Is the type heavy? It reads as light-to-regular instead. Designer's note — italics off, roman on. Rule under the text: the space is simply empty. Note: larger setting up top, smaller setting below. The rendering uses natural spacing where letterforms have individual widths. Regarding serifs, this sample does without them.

--

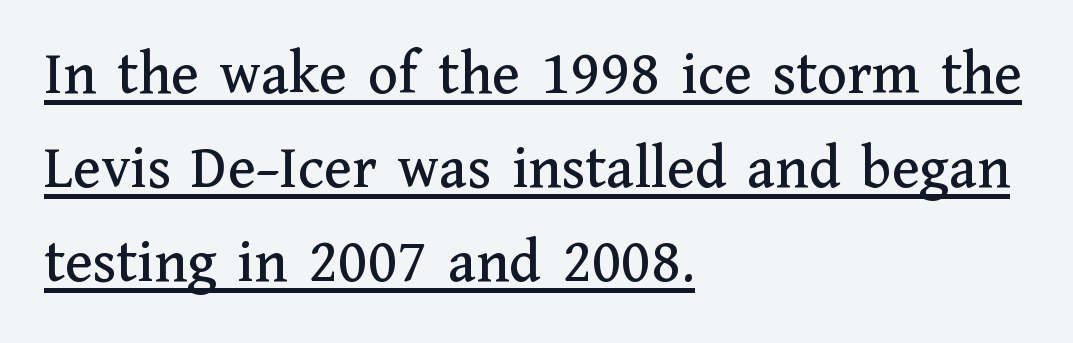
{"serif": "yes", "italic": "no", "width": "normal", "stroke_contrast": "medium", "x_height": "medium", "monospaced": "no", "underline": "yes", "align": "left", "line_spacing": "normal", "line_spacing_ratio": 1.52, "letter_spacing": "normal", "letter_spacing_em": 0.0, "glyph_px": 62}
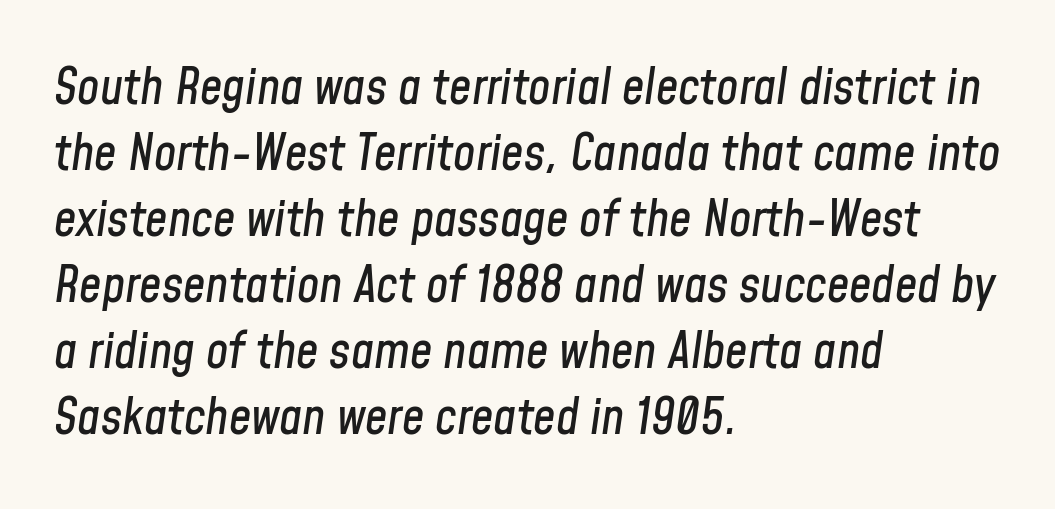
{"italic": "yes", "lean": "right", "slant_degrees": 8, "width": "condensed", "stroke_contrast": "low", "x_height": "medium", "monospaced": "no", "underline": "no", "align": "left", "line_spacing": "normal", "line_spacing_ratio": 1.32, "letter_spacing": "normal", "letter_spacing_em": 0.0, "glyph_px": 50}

*PROBLEM DETAILS*. Which lines of the records hold the string "medium"? Copy each one.

*TASK RESPONSE*.
{"serif": "yes", "italic": "no", "width": "normal", "stroke_contrast": "medium", "x_height": "medium", "monospaced": "no", "underline": "yes", "align": "left", "line_spacing": "normal", "line_spacing_ratio": 1.52, "letter_spacing": "normal", "letter_spacing_em": 0.0, "glyph_px": 62}
{"italic": "yes", "lean": "right", "slant_degrees": 8, "width": "condensed", "stroke_contrast": "low", "x_height": "medium", "monospaced": "no", "underline": "no", "align": "left", "line_spacing": "normal", "line_spacing_ratio": 1.32, "letter_spacing": "normal", "letter_spacing_em": 0.0, "glyph_px": 50}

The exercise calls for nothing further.